Regular price $12.99
Format
Added to Cart! View cart or continue shopping.
The small British chorus called the Sixteen and director Harry Christophers have delivered consistently popular recordings of Renaissance and Baroque music, maintaining very high standards...
The small British chorus called the Sixteen and director Harry Christophers have delivered consistently popular recordings of Renaissance and Baroque music, maintaining very high standards of performance. Here they couple two of the most popular Baroque works of all, Vivaldi's Gloria in D major, RV 589, and Bach's Magnificat in D major, BWV 243, and the results are handsome indeed. The tenor of the performances flows from the conceptions of each work that Christophers expresses in one of the little personal essays that appears at the beginning of each booklet in this series: Vivaldi, he said, is "effective," and even operates in places here "at his simplest," while Bach is "complex." Some would use other words first, for each composer -- daring or kinetic for Vivaldi, devotional or a dozen other words for Bach. There are recordings that give Vivaldi in general and the Gloria in particular more of an edge; there are recordings of Bach that seem warmer, or more rooted in the sacred texts.

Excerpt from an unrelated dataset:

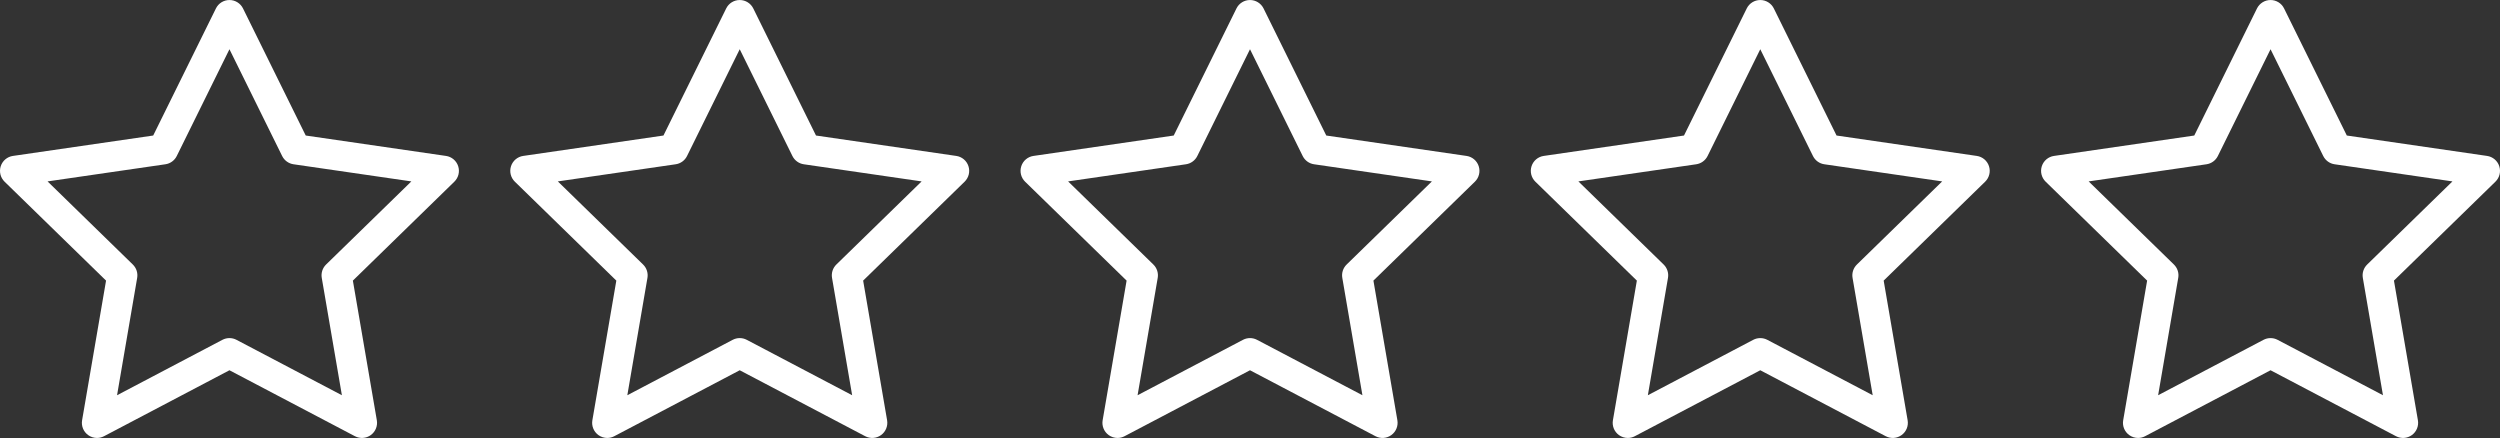 <?xml version="1.0" encoding="UTF-8" standalone="no"?><svg xmlns="http://www.w3.org/2000/svg" xmlns:xlink="http://www.w3.org/1999/xlink" fill="#ffffff" height="87.6" preserveAspectRatio="xMidYMid meet" version="1" viewBox="0.0 0.0 500.0 87.6" width="500" zoomAndPan="magnify"><rect x="0.0" y="0.0" width="500.0" height="87.6" fill="#333333" stroke="none"/><defs><clipPath id="a"><path d="M 0 0 L 92 0 L 92 87.59 L 0 87.59 Z M 0 0"/></clipPath><clipPath id="b"><path d="M 102 0 L 194 0 L 194 87.59 L 102 87.59 Z M 102 0"/></clipPath><clipPath id="c"><path d="M 204 0 L 296 0 L 296 87.59 L 204 87.59 Z M 204 0"/></clipPath><clipPath id="d"><path d="M 306 0 L 398 0 L 398 87.59 L 306 87.59 Z M 306 0"/></clipPath><clipPath id="e"><path d="M 408 0 L 500 0 L 500 87.59 L 408 87.59 Z M 408 0"/></clipPath></defs><g><g clip-path="url(#a)" id="change1_3"><path d="M 33.078 32.855 C 34.062 32.715 34.914 32.094 35.352 31.203 L 45.891 9.848 L 56.43 31.203 C 56.871 32.094 57.723 32.715 58.707 32.855 L 82.273 36.281 L 65.219 52.902 C 64.508 53.598 64.184 54.598 64.352 55.574 L 68.379 79.047 L 47.297 67.965 C 46.855 67.734 46.375 67.617 45.891 67.617 C 45.41 67.617 44.926 67.734 44.484 67.965 L 23.41 79.047 L 27.434 55.574 C 27.602 54.598 27.277 53.598 26.562 52.902 L 9.512 36.281 Z M 21.211 56.121 L 16.418 84.059 C 16.227 85.191 16.691 86.336 17.621 87.012 C 18.148 87.395 18.77 87.59 19.398 87.59 C 19.879 87.59 20.359 87.477 20.805 87.242 L 45.891 74.051 L 70.984 87.242 C 72 87.777 73.234 87.688 74.164 87.012 C 75.094 86.336 75.559 85.191 75.367 84.059 L 70.574 56.121 L 90.871 36.336 C 91.695 35.531 91.992 34.332 91.637 33.238 C 91.281 32.145 90.336 31.348 89.199 31.184 L 61.145 27.105 L 48.602 1.688 C 48.09 0.656 47.043 0.004 45.891 0.004 C 44.742 0.004 43.691 0.656 43.184 1.688 L 30.641 27.105 L 2.586 31.184 C 1.449 31.348 0.504 32.145 0.148 33.238 C -0.207 34.332 0.09 35.531 0.914 36.336 L 21.211 56.121"/></g><g clip-path="url(#b)" id="change1_2"><path d="M 167.273 52.902 C 166.562 53.598 166.238 54.598 166.406 55.574 L 170.43 79.047 L 149.352 67.965 C 148.91 67.734 148.43 67.617 147.945 67.617 C 147.465 67.617 146.98 67.734 146.539 67.965 L 125.465 79.047 L 129.488 55.574 C 129.656 54.598 129.328 53.598 128.617 52.902 L 111.566 36.281 L 135.133 32.855 C 136.117 32.715 136.969 32.094 137.406 31.203 L 147.945 9.848 L 158.484 31.203 C 158.926 32.094 159.777 32.715 160.758 32.855 L 184.324 36.281 Z M 193.691 33.238 C 193.336 32.145 192.391 31.348 191.254 31.184 L 163.199 27.105 L 150.656 1.688 C 150.145 0.656 149.098 0.004 147.945 0.004 C 146.797 0.004 145.746 0.656 145.238 1.688 L 132.691 27.105 L 104.641 31.184 C 103.504 31.348 102.559 32.145 102.203 33.238 C 101.848 34.332 102.145 35.531 102.969 36.336 L 123.266 56.121 L 118.473 84.059 C 118.281 85.191 118.746 86.336 119.676 87.012 C 120.203 87.395 120.824 87.59 121.449 87.59 C 121.934 87.59 122.414 87.477 122.855 87.242 L 147.945 74.051 L 173.039 87.242 C 174.055 87.777 175.289 87.688 176.219 87.012 C 177.148 86.336 177.613 85.191 177.422 84.059 L 172.629 56.121 L 192.926 36.336 C 193.75 35.531 194.047 34.332 193.691 33.238"/></g><g clip-path="url(#c)" id="change1_5"><path d="M 269.328 52.902 C 268.617 53.598 268.289 54.598 268.461 55.574 L 272.484 79.047 L 251.406 67.965 C 250.965 67.734 250.484 67.617 250 67.617 C 249.52 67.617 249.035 67.734 248.594 67.965 L 227.516 79.047 L 231.543 55.574 C 231.711 54.598 231.383 53.598 230.672 52.902 L 213.621 36.281 L 237.188 32.855 C 238.172 32.715 239.02 32.094 239.461 31.203 L 250 9.848 L 260.539 31.203 C 260.98 32.094 261.828 32.715 262.812 32.855 L 286.379 36.281 Z M 295.742 33.238 C 295.387 32.145 294.441 31.348 293.305 31.184 L 265.254 27.105 L 252.711 1.688 C 252.199 0.656 251.148 0.004 250 0.004 C 248.852 0.004 247.801 0.656 247.293 1.688 L 234.746 27.105 L 206.695 31.184 C 205.559 31.348 204.613 32.145 204.258 33.238 C 203.902 34.332 204.195 35.531 205.02 36.336 L 225.32 56.121 L 220.527 84.059 C 220.336 85.191 220.801 86.336 221.73 87.012 C 222.258 87.395 222.879 87.59 223.504 87.59 C 223.984 87.59 224.469 87.477 224.91 87.242 L 250 74.051 L 275.094 87.242 C 276.109 87.777 277.344 87.688 278.273 87.012 C 279.203 86.336 279.668 85.191 279.477 84.059 L 274.684 56.121 L 294.98 36.336 C 295.805 35.531 296.098 34.332 295.742 33.238"/></g><g clip-path="url(#d)" id="change1_4"><path d="M 371.383 52.902 C 370.672 53.598 370.344 54.598 370.512 55.574 L 374.539 79.047 L 353.461 67.965 C 352.578 67.504 351.531 67.504 350.648 67.965 L 329.57 79.047 L 333.598 55.574 C 333.766 54.598 333.438 53.598 332.727 52.902 L 315.676 36.281 L 339.242 32.855 C 340.223 32.715 341.074 32.094 341.516 31.203 L 352.055 9.848 L 362.594 31.203 C 363.035 32.094 363.883 32.715 364.867 32.855 L 388.434 36.281 Z M 397.797 33.238 C 397.441 32.145 396.496 31.348 395.359 31.184 L 367.309 27.105 L 354.766 1.688 C 354.254 0.656 353.203 0.004 352.055 0.004 C 350.906 0.004 349.855 0.656 349.348 1.688 L 336.801 27.105 L 308.746 31.184 C 307.609 31.348 306.664 32.145 306.309 33.238 C 305.953 34.332 306.25 35.531 307.074 36.336 L 327.371 56.121 L 322.582 84.059 C 322.387 85.191 322.852 86.336 323.781 87.012 C 324.309 87.395 324.934 87.59 325.559 87.59 C 326.039 87.59 326.523 87.477 326.965 87.242 L 352.055 74.051 L 377.145 87.242 C 378.164 87.777 379.395 87.688 380.324 87.012 C 381.258 86.336 381.723 85.191 381.527 84.059 L 376.734 56.121 L 397.031 36.336 C 397.855 35.531 398.152 34.332 397.797 33.238"/></g><g clip-path="url(#e)" id="change1_1"><path d="M 473.438 52.902 C 472.723 53.598 472.398 54.598 472.566 55.574 L 476.594 79.047 L 455.516 67.965 C 454.633 67.504 453.586 67.504 452.703 67.965 L 431.625 79.047 L 435.648 55.574 C 435.82 54.598 435.492 53.598 434.781 52.902 L 417.73 36.281 L 441.297 32.855 C 442.277 32.715 443.129 32.094 443.57 31.203 L 454.109 9.848 L 464.648 31.203 C 465.09 32.094 465.938 32.715 466.922 32.855 L 490.488 36.281 Z M 497.414 31.184 L 469.363 27.105 L 456.816 1.688 C 456.309 0.656 455.258 0.004 454.109 0.004 C 452.961 0.004 451.91 0.656 451.398 1.688 L 438.855 27.105 L 410.801 31.184 C 409.664 31.348 408.719 32.145 408.363 33.238 C 408.008 34.332 408.305 35.531 409.129 36.336 L 429.426 56.121 L 424.637 84.059 C 424.441 85.191 424.906 86.336 425.84 87.012 C 426.363 87.395 426.988 87.59 427.613 87.59 C 428.094 87.59 428.578 87.477 429.02 87.242 L 454.109 74.051 L 479.199 87.242 C 480.219 87.777 481.449 87.688 482.383 87.012 C 483.312 86.336 483.777 85.191 483.582 84.059 L 478.789 56.121 L 499.086 36.336 C 499.91 35.531 500.207 34.332 499.852 33.238 C 499.496 32.145 498.551 31.348 497.414 31.184"/></g></g></svg>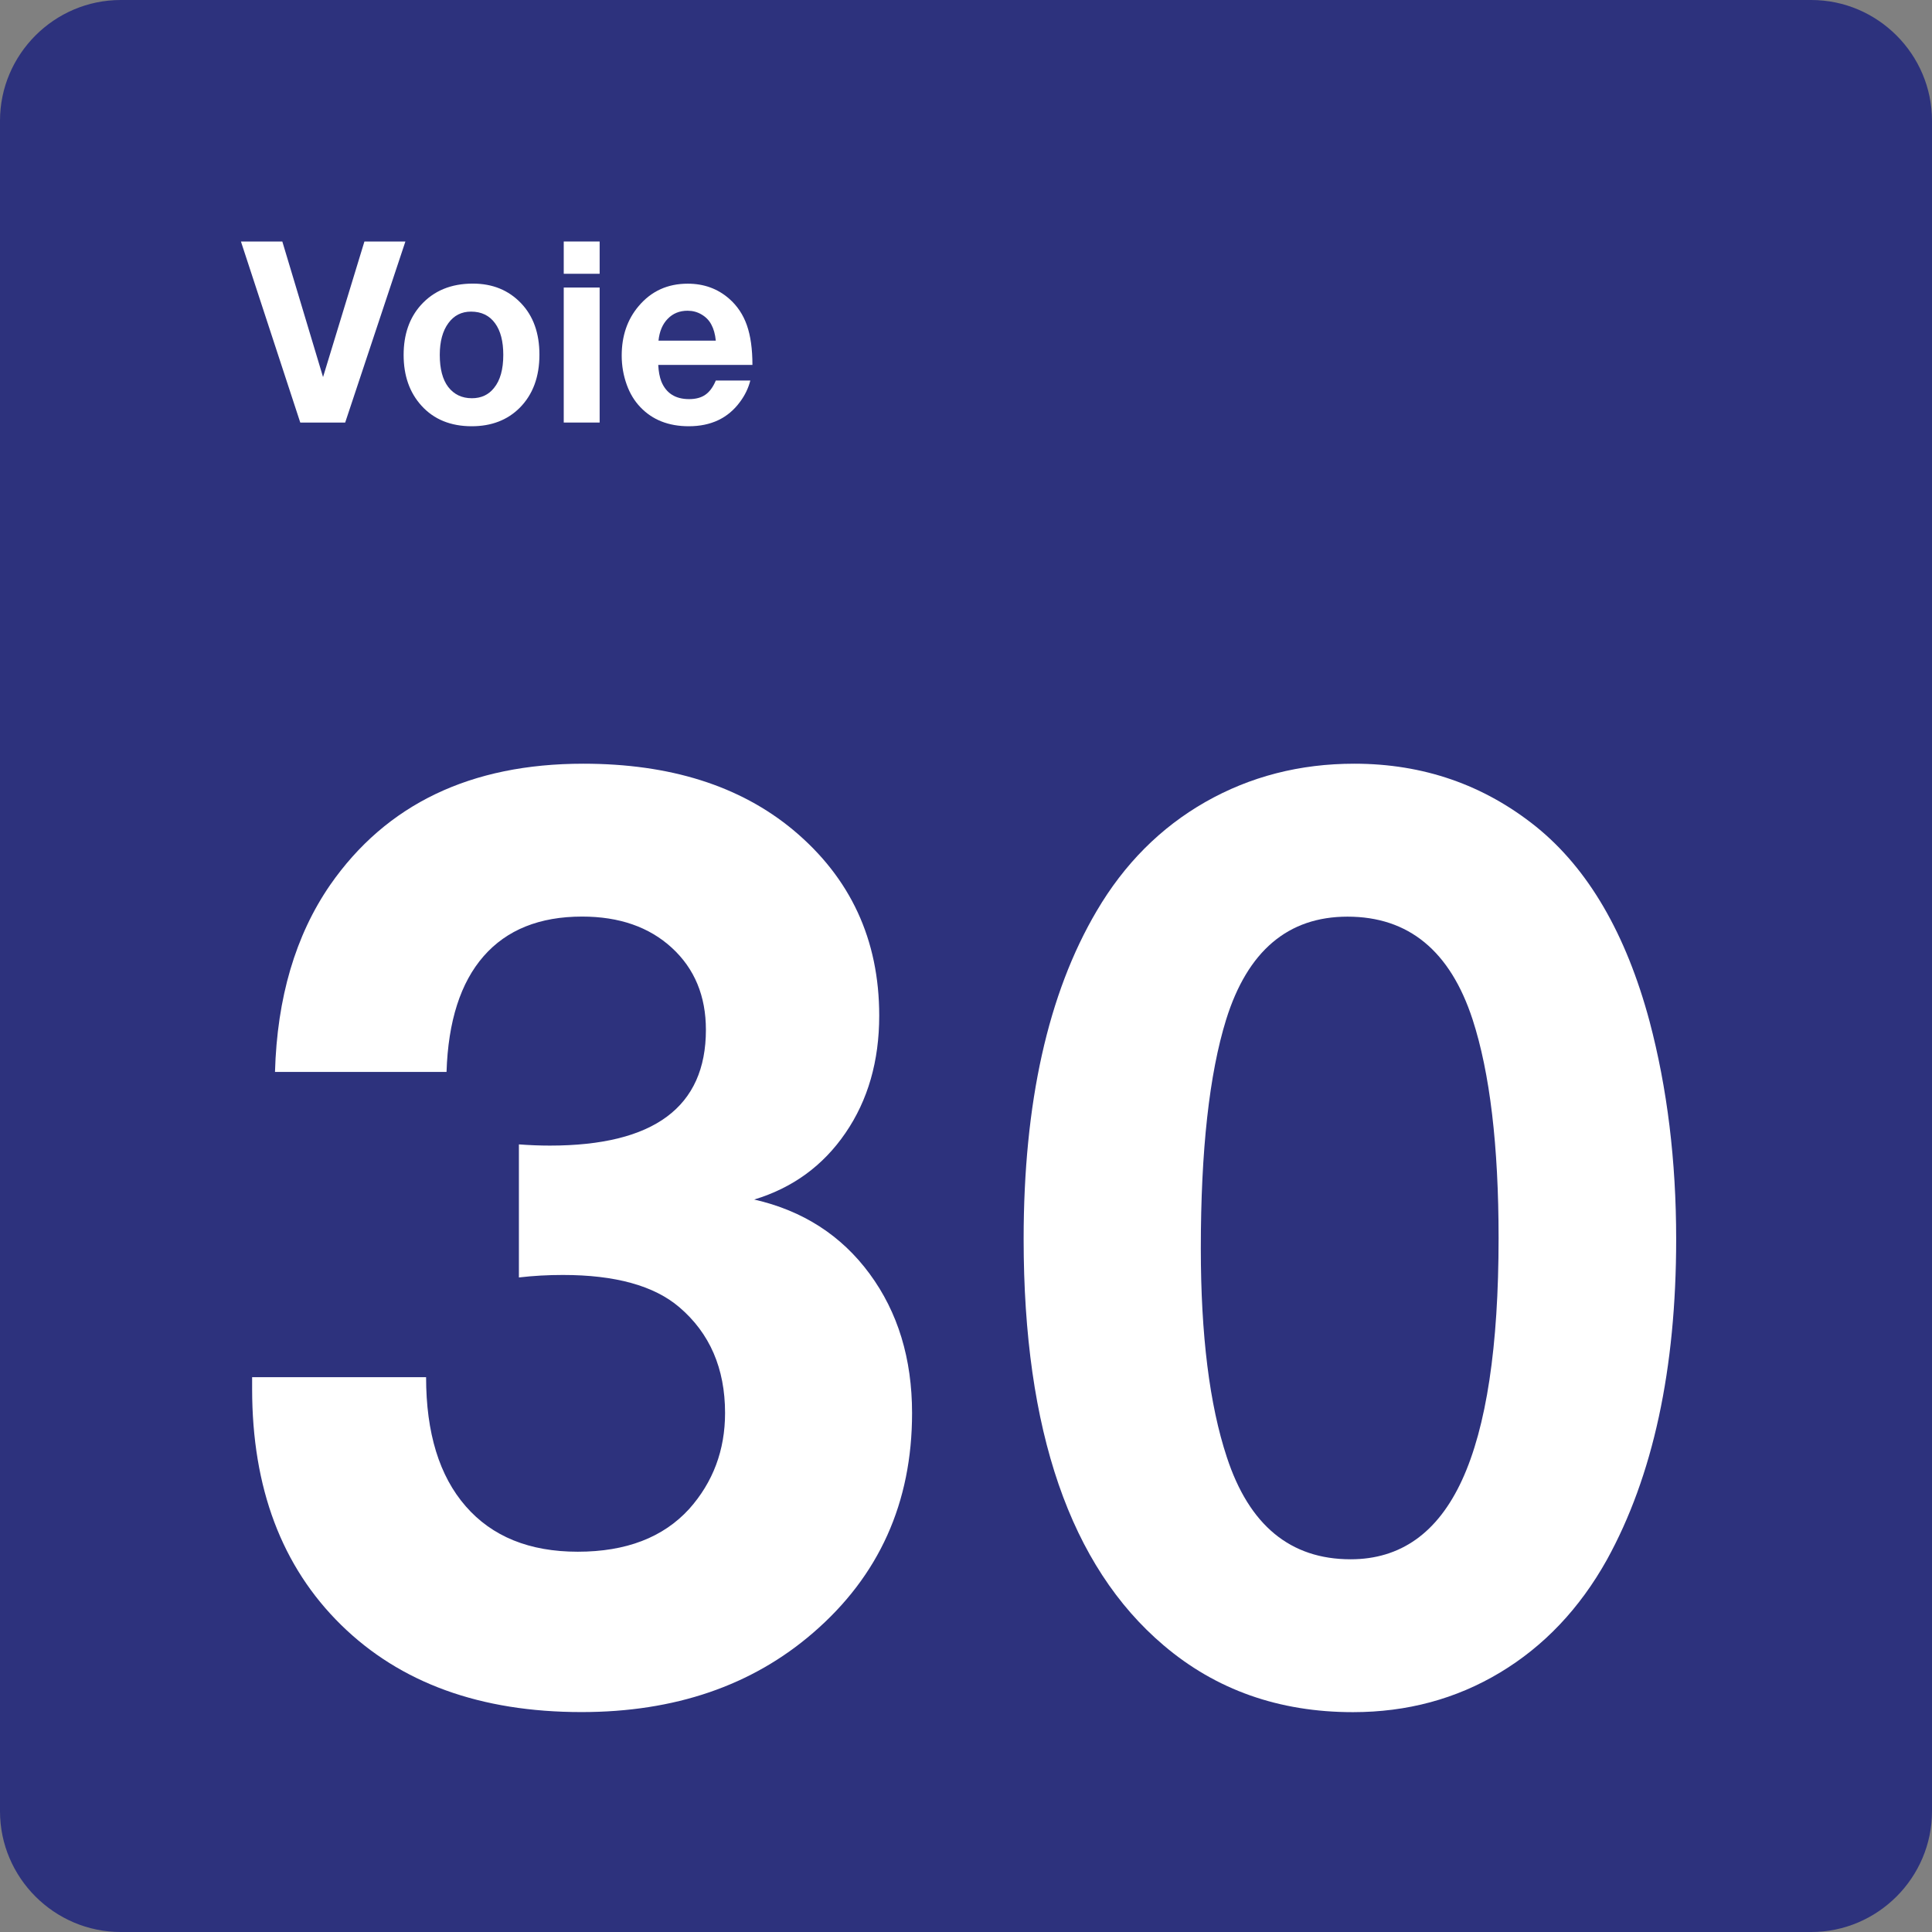 <svg class="color-immutable" width="24" height="24" viewBox="0 0 24 24" fill="none" xmlns="http://www.w3.org/2000/svg"><rect x="0" y="0" width="24" height="24" fill="#808080" stroke="none"/><path d="M0 22.5V1.5C0 0.675 0.675 0 1.5 0H22.5C23.325 0 24 0.675 24 1.5V22.5C24 23.325 23.325 24 22.5 24H1.5C0.675 24 0 23.325 0 22.5Z" fill="#2D327D"/><path d="M3.416 13.317C3.442 12.394 3.67 11.62 4.1 10.995C4.798 9.99 5.846 9.487 7.246 9.487C8.323 9.487 9.192 9.761 9.853 10.31C10.566 10.905 10.922 11.674 10.922 12.617C10.922 13.181 10.782 13.667 10.503 14.074C10.224 14.482 9.845 14.757 9.369 14.901C9.974 15.039 10.452 15.347 10.803 15.824C11.154 16.301 11.33 16.878 11.33 17.554C11.33 18.667 10.92 19.577 10.1 20.284C9.341 20.94 8.382 21.268 7.224 21.268C5.968 21.268 4.972 20.907 4.236 20.184C3.5 19.461 3.132 18.484 3.132 17.254C3.132 17.228 3.132 17.18 3.132 17.108H5.293C5.293 17.8 5.457 18.335 5.785 18.711C6.113 19.088 6.577 19.276 7.177 19.276C7.777 19.276 8.238 19.099 8.561 18.745C8.858 18.412 9.007 18.014 9.007 17.553C9.007 16.999 8.817 16.561 8.438 16.238C8.125 15.971 7.643 15.838 6.992 15.838C6.807 15.838 6.625 15.848 6.446 15.869V14.216C6.579 14.226 6.707 14.231 6.831 14.231C8.123 14.231 8.769 13.752 8.769 12.793C8.769 12.373 8.628 12.033 8.346 11.774C8.064 11.515 7.692 11.386 7.231 11.386C6.703 11.386 6.295 11.55 6.008 11.878C5.721 12.206 5.567 12.686 5.547 13.316H3.416V13.317Z" fill="white"/><path d="M16.823 9.487C17.679 9.487 18.433 9.748 19.084 10.271C19.73 10.794 20.199 11.599 20.491 12.686C20.711 13.517 20.822 14.419 20.822 15.393C20.822 17.008 20.535 18.336 19.961 19.377C19.623 19.982 19.18 20.449 18.634 20.777C18.088 21.105 17.479 21.269 16.807 21.269C15.889 21.269 15.105 20.992 14.454 20.438C13.295 19.454 12.716 17.772 12.716 15.393C12.716 13.701 13.018 12.343 13.623 11.317C13.966 10.733 14.416 10.281 14.973 9.963C15.53 9.646 16.147 9.487 16.823 9.487ZM16.739 11.387C16.001 11.387 15.498 11.813 15.232 12.664C15.022 13.341 14.917 14.289 14.917 15.509C14.917 16.586 15.025 17.45 15.24 18.101C15.517 18.947 16.029 19.37 16.778 19.37C17.398 19.37 17.86 19.042 18.162 18.386C18.464 17.73 18.616 16.728 18.616 15.379C18.616 14.231 18.508 13.326 18.293 12.664C18.015 11.813 17.498 11.387 16.739 11.387Z" fill="white"/><path d="M5.036 3L4.288 5.249H3.73L2.993 3H3.507L4.013 4.684L4.527 3H5.036Z" fill="white"/><path d="M5.874 3.523C6.118 3.523 6.317 3.604 6.472 3.766C6.625 3.926 6.701 4.139 6.701 4.406C6.701 4.682 6.619 4.902 6.456 5.066C6.304 5.218 6.105 5.295 5.86 5.295C5.599 5.295 5.39 5.21 5.236 5.04C5.088 4.877 5.014 4.667 5.014 4.409C5.014 4.155 5.086 3.948 5.229 3.789C5.389 3.612 5.603 3.523 5.874 3.523ZM5.851 3.871C5.733 3.871 5.639 3.919 5.57 4.014C5.499 4.11 5.463 4.242 5.463 4.409C5.463 4.582 5.498 4.715 5.568 4.807C5.64 4.9 5.738 4.947 5.862 4.947C5.978 4.947 6.07 4.904 6.137 4.819C6.214 4.725 6.252 4.588 6.252 4.408C6.252 4.24 6.218 4.109 6.15 4.016C6.08 3.919 5.98 3.871 5.851 3.871Z" fill="white"/><path d="M7.449 3V3.401H7.003V3H7.449ZM7.449 3.572V5.249H7.003V3.572H7.449Z" fill="white"/><path d="M9.321 4.726C9.297 4.82 9.255 4.909 9.193 4.992C9.045 5.194 8.833 5.295 8.556 5.295C8.306 5.295 8.105 5.216 7.955 5.058C7.881 4.981 7.825 4.888 7.786 4.78C7.744 4.664 7.723 4.543 7.723 4.417C7.723 4.173 7.793 3.968 7.934 3.802C8.091 3.616 8.294 3.524 8.543 3.524C8.744 3.524 8.915 3.586 9.057 3.71C9.159 3.799 9.232 3.909 9.278 4.04C9.324 4.171 9.347 4.335 9.347 4.533H8.177C8.181 4.615 8.194 4.683 8.215 4.738C8.275 4.885 8.39 4.958 8.56 4.958C8.643 4.958 8.711 4.94 8.763 4.903C8.815 4.867 8.858 4.808 8.892 4.727H9.321V4.726ZM8.892 4.232C8.884 4.151 8.865 4.084 8.836 4.031C8.808 3.978 8.767 3.937 8.714 3.906C8.661 3.875 8.604 3.86 8.541 3.86C8.442 3.86 8.36 3.893 8.295 3.96C8.23 4.026 8.192 4.117 8.18 4.232H8.892Z" fill="white"/></svg>

But here, as usual, Christophers, the Sixteen, and the Symphony of Harmony & Invention Baroque orchestra play it straight up the middle and create accessible, appealing recordings using historical instruments. The Magnificat is really superior in the choral sections, with superb articulation of Bach's difficult interlocking runs of sixteenth notes; the building energy of the final three choruses is marvelously rendered, and the opening "Magnificat" is expansive and rich. The Vivaldi is sunny rather than triumphal, with the choir a bit reined in and rounded in tone in the famous opening "Gloria," but all the solos are top-notch, with the "Laudamus te" soprano duet of Lynda Russell and Gillian Fisher an especially lilting standout. The listener has many choices when it comes to recordings of these works, but it's hard to imagine these, the Bach especially, being substantially outdone.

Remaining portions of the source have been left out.